Hurley, however, was not in the business of lending to companies and operating businesses. He headed SVB’s global fund banking group that funded the venture capitalists themselves with a piece of financial engineering known as fund subscription lines. These loans were used to make initial equity investments in companies and served several purposes, including goosing a key metric that made venture capital fund returns look better than they would have otherwise.

“We are probably one of the largest fund finance practices in the world … to still fly under the radar has been surreal,” Hurley said in a 2021 podcast. “This organization is just so supportive of this business and is really all-in on fund financing.”

By the way, “surreal” was a word that came up a lot in discussions of the context of the Texas land boom of the 1980s.

By the end of 2022, the bank was holding $41.3 billion of these loans on its books, making up 56% of its total book. SVB created a new business segment, global fund banking, to manage its subscription lines with Hurley in charge. By contrast, debt financing the bank extended directly to startups, tech companies and biotechs amounted to just $15.3 million, …

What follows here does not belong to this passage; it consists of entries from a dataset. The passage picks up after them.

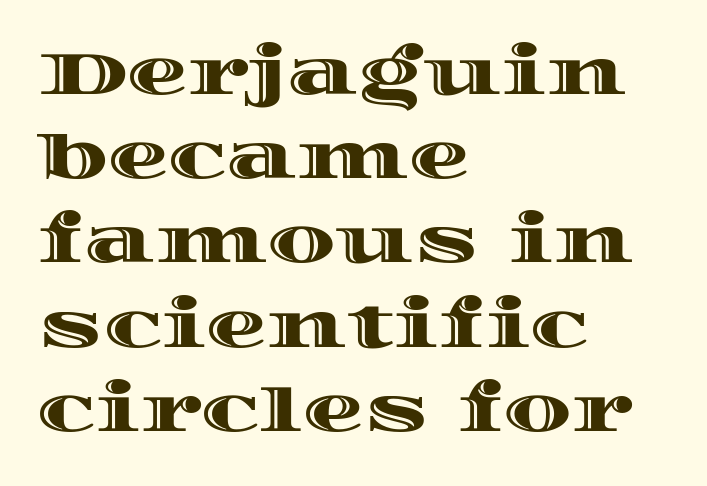
Q: Is the text italic (slanted)? A: No, it is upright.
Q: Is the text underlined? A: No.
Q: How is the paragraph aligned? A: Left-aligned.
Q: Is the spacing between letters normal or unusually wide? A: Normal.
Q: Is the spacing between lines tight, normal or loose? A: Normal.
Q: Width (condensed, normal, or wide)? A: Wide.
Q: x-height? A: Large.
Q: Monospaced? A: No.
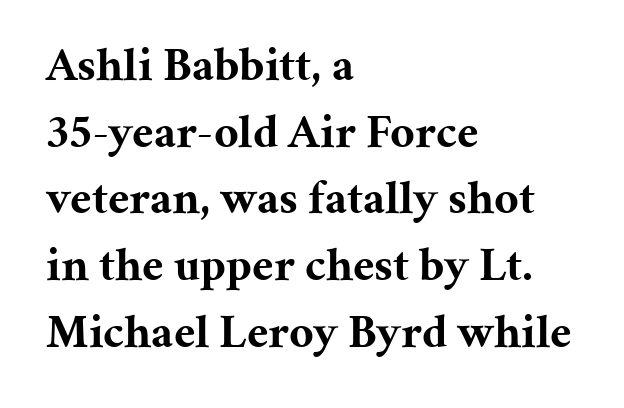
Q: Is the text bold? A: Yes.
Q: Is the text italic (slanted)? A: No, it is upright.
Q: Is the typeface a serif or a sans-serif typeface? A: Serif.
Q: Is the text underlined? A: No.
Q: How is the paragraph aligned? A: Left-aligned.
Q: Is the spacing between letters normal or unusually wide? A: Normal.
Q: Is the spacing between lines tight, normal or loose? A: Normal.
Q: Width (condensed, normal, or wide)? A: Normal.
Q: Stroke contrast? A: Medium.
Q: x-height? A: Medium.
Q: Monospaced? A: No.
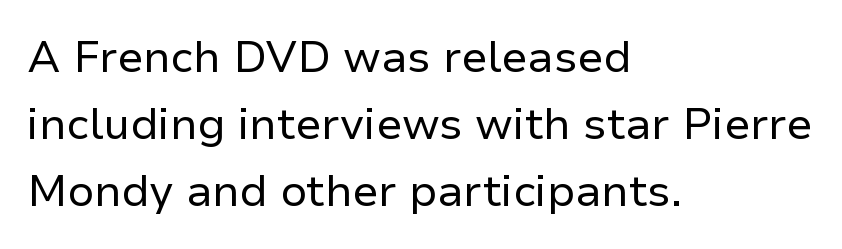
Successive baselines arrive at the customary interval. Nothing heavy about these letters — not bold at all. The rag falls on the right side of this text block. Are there feet on the stems? There aren't — it's a sans. This sample has the flowing, uneven cadence of proportional lettering.
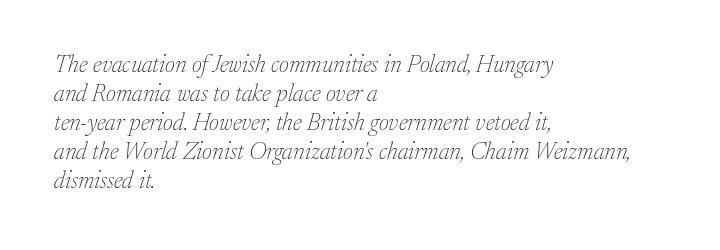
{"italic": "yes", "lean": "right", "slant_degrees": 17, "bold": "no", "underline": "no", "align": "left", "line_spacing_ratio": 1.21, "letter_spacing": "normal", "letter_spacing_em": 0.0, "glyph_px": 24}
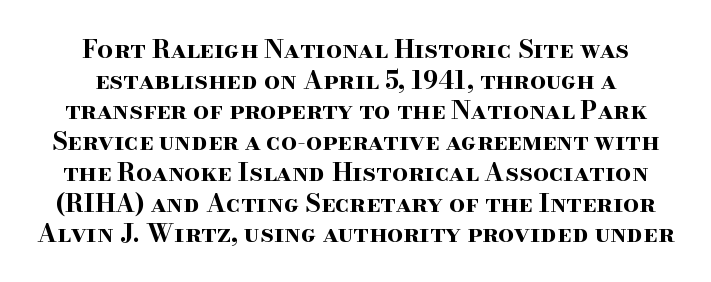
{"italic": "no", "bold": "yes", "underline": "no", "align": "center", "line_spacing_ratio": 1.23, "letter_spacing": "normal", "letter_spacing_em": 0.0, "glyph_px": 25}
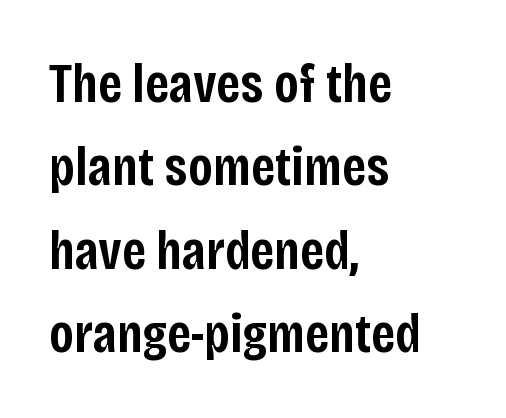
The image shows 56 px semibold, condensed sans-serif type, upright; set left-aligned, normal line spacing (1.49x), normal letter spacing, not underlined; low stroke contrast and a large x-height.
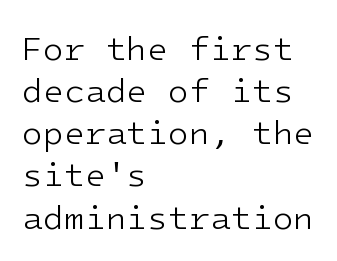
{"serif": "no", "italic": "no", "bold": "no", "weight": "light", "width": "normal", "stroke_contrast": "low", "x_height": "medium", "underline": "no", "align": "left", "line_spacing_ratio": 1.24, "letter_spacing": "normal", "letter_spacing_em": 0.0, "glyph_px": 34}
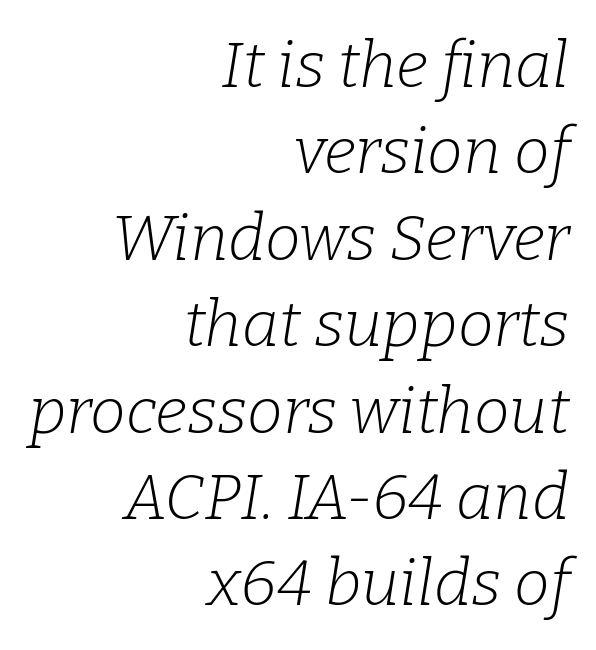
The image shows 64 px light serif type, italic (leaning right); set right-aligned, normal line spacing (1.35x), normal letter spacing, not underlined; low stroke contrast and a medium x-height.
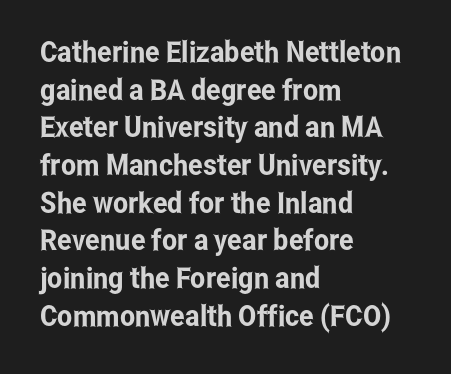
Q: Is the text italic (slanted)? A: No, it is upright.
Q: Is the typeface a serif or a sans-serif typeface? A: Sans-serif.
Q: Is the text underlined? A: No.
Q: How is the paragraph aligned? A: Left-aligned.
Q: Is the spacing between letters normal or unusually wide? A: Normal.
Q: Is the spacing between lines tight, normal or loose? A: Normal.
Q: Width (condensed, normal, or wide)? A: Condensed.
Q: Stroke contrast? A: Low.
Q: x-height? A: Medium.
Q: Monospaced? A: No.
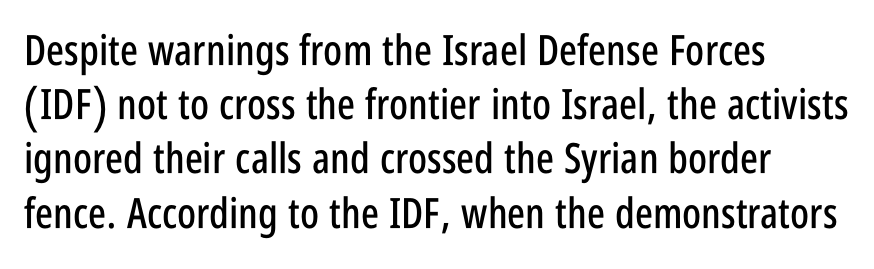
The image shows 42 px condensed sans-serif type, upright; set left-aligned, normal line spacing (1.29x), normal letter spacing, not underlined; low stroke contrast and a large x-height.
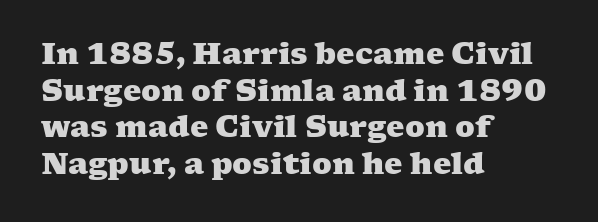
{"serif": "yes", "bold": "yes", "weight": "heavy", "width": "wide", "stroke_contrast": "medium", "x_height": "medium", "monospaced": "no", "underline": "no", "align": "left", "line_spacing": "normal", "line_spacing_ratio": 1.26, "letter_spacing": "normal", "letter_spacing_em": 0.0, "glyph_px": 29}

If you are cynical, you won’t be surprised that SVB didn’t make any money on these loans:

The subscription lines were SVB’s main business, but the problem was it was not a lucrative one. The loans generated very low returns, even compared to commercial loans, which themselves were not yielding so much due to the low-interest-rate environment.

Looking ahead

Part of the reason why no one wants to buy SVB may be that outsiders can’t establish the true value for all of these subscription lines.

Don’t be surprised if “serious people” say that they are “shocked, shocked” to discover that many of the loans in that $40 billion portfolio went to entities that can’t repay. They will probably explain it away as “forth quarter football”–taking big risks to get out of a hole–even though these loans were more like punts than Hail Mary passes.

No doubt, the VC principals who were keen on goosing returns appreciated SVB’s willingness to build up a $40 billion book of loans that offered such low returns. How could they show their appreciation? By letting SVB insiders share in their gains. Where do you suppose an SVB insider would be able to borrow enough to buy a piece of that action?

And watch for information about loans to insiders at First Republic.